■ Entries provided:
=== Begin Enclosure ===

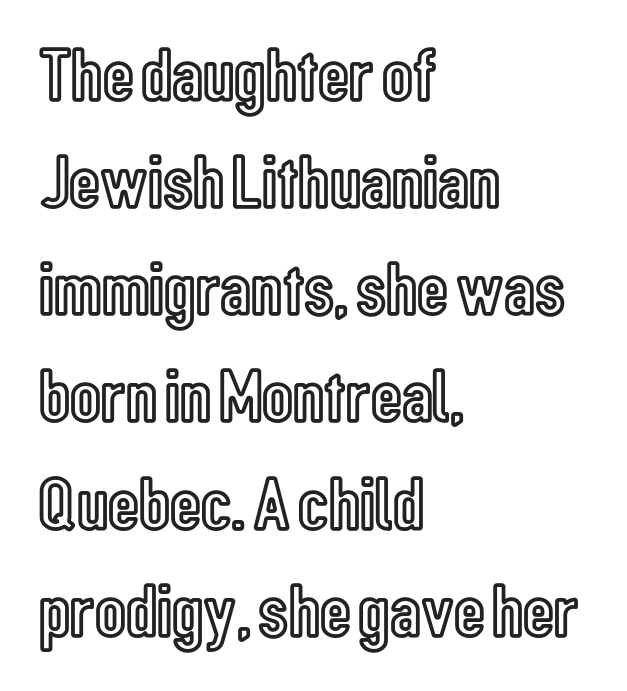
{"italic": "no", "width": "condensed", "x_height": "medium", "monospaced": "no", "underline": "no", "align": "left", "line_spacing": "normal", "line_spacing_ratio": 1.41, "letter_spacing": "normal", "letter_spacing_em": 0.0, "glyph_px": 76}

=== End Enclosure ===
=== Begin Enclosure ===

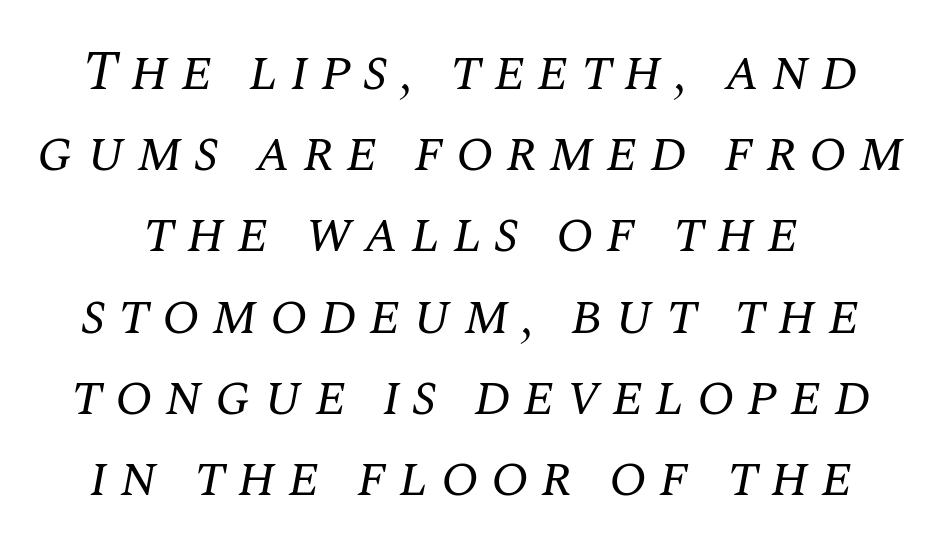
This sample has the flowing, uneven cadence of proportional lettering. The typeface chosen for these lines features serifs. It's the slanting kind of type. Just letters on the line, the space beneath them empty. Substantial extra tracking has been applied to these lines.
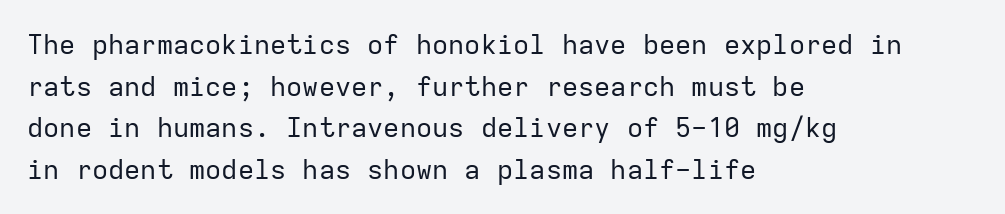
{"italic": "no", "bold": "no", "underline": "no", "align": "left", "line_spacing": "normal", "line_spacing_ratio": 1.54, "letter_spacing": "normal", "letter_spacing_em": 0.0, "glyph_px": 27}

=== End Enclosure ===
=== Begin Enclosure ===

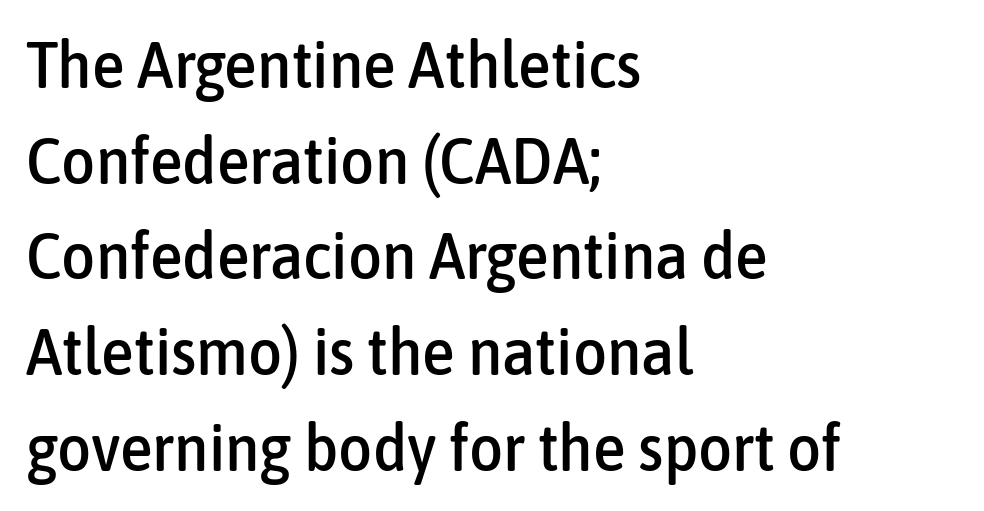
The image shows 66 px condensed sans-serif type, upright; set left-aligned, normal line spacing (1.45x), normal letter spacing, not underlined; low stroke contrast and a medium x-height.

=== End Enclosure ===

Would you copy out every line in the records that includes the string "italic"?

■ Answer area:
{"italic": "no", "width": "condensed", "x_height": "medium", "monospaced": "no", "underline": "no", "align": "left", "line_spacing": "normal", "line_spacing_ratio": 1.41, "letter_spacing": "normal", "letter_spacing_em": 0.0, "glyph_px": 76}
{"italic": "no", "bold": "no", "underline": "no", "align": "left", "line_spacing": "normal", "line_spacing_ratio": 1.54, "letter_spacing": "normal", "letter_spacing_em": 0.0, "glyph_px": 27}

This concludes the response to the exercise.